The case concerned a lawsuit brought against PepsiCo, charging that the company had engaged in unfair and deceptive trade practices in violation of New York State’s consumer protection laws when it marketed its Aquafina product. Essentially, the lawsuit said that the company was deceiving consumers when it put Aquafina in a bottle designed to suggest that it was from a mountain spring, when it in fact is just purified tap water. To be sure, the label says “purified drinking water,” but the plaintiffs argued that a false impression clearly was the motivation behind the packaging design.

Now, I’m not a lawyer, but I do get that the judge in the case ruled in favor of Pepsi, saying that the federal Food, Drug and Cosmetic Act says that the company can't be sued because it would preempt its federal exemption, which I believe says that states cannot establish standards different from those held by the federal government. (I say “I believe” because all the legalese is sort of difficult to read and even harder to understand.)

I’m certainly in no position to debate the merits of the law – there probably are good arguments on both sides. I’m not even going to argue Pepsi’s motivation.

I just want to suggest that everybody’s time would be better spent if we could all just be a little more transparent and accurate in how we talk about our products. Because regardless of the law, when it came out that bottled water that a lot of people believed was spring water was actually purified tap water, the industry took a hit. Maybe not a big hit. Maybe just a little one. But a hit just the same.
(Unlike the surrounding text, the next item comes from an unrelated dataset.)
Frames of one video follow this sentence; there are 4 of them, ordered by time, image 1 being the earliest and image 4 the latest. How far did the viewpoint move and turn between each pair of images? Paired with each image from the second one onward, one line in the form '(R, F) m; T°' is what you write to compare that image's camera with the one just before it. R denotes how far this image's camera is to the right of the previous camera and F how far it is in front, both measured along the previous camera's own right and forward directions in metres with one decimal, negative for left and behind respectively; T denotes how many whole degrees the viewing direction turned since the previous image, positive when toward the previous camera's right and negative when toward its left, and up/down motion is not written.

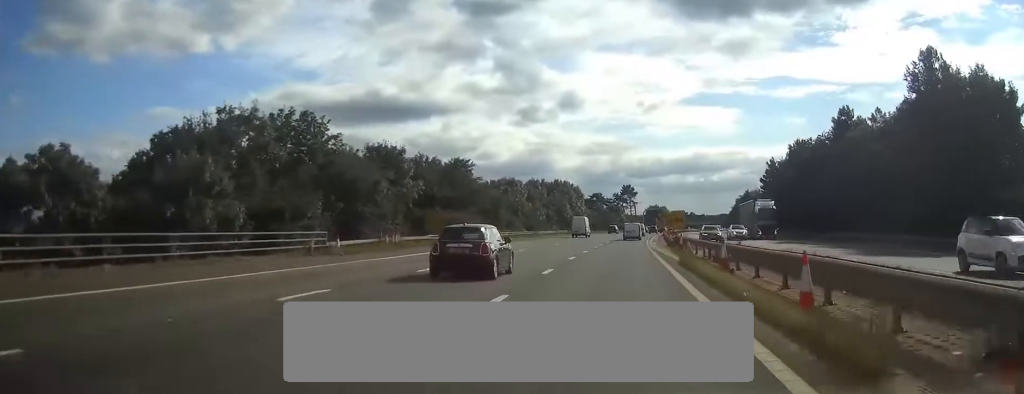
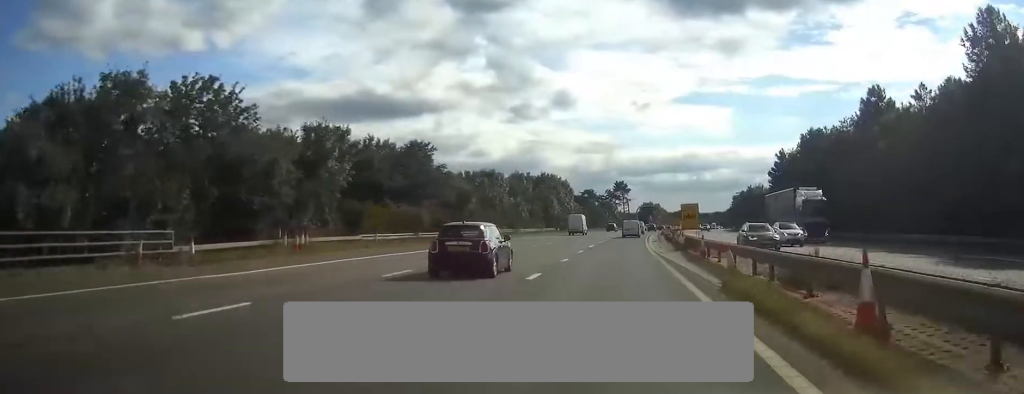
(+0.1, +12.2) m; 0°
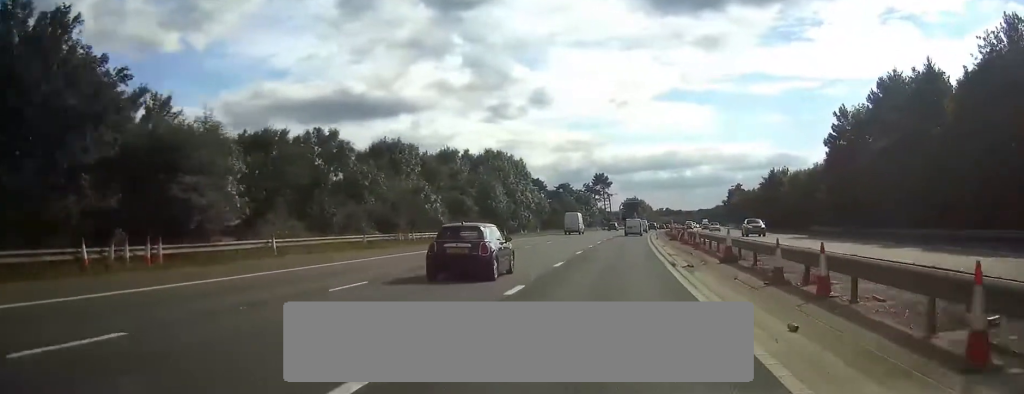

And all those hits eventually take a toll on an industry’s reputation.

It was interesting that in a separate case, on the opposite coast, it was ruled by the California Supreme Court that consumers can sue grocery stores for being deceptive when they did not disclose that farm-raised salmon had been given a dye to make them look more like wild salmon.

Now, I’m not in favor of litigation. Far from it. But I understand the consumer impulse to fight back when he or she thinks deception has taken place.

Manufacturers and retailers sell a lot of things. Included on the shopping list, I think, is an item called trust. We all have to take the extra step to make sure that we’re ahead of the consumer on this issue, taking no chances, because as Ralph Waldo Emerson once said, “distrust is very expensive.”

For MorningNewsBeat Radio, I’m Kevin Coupe.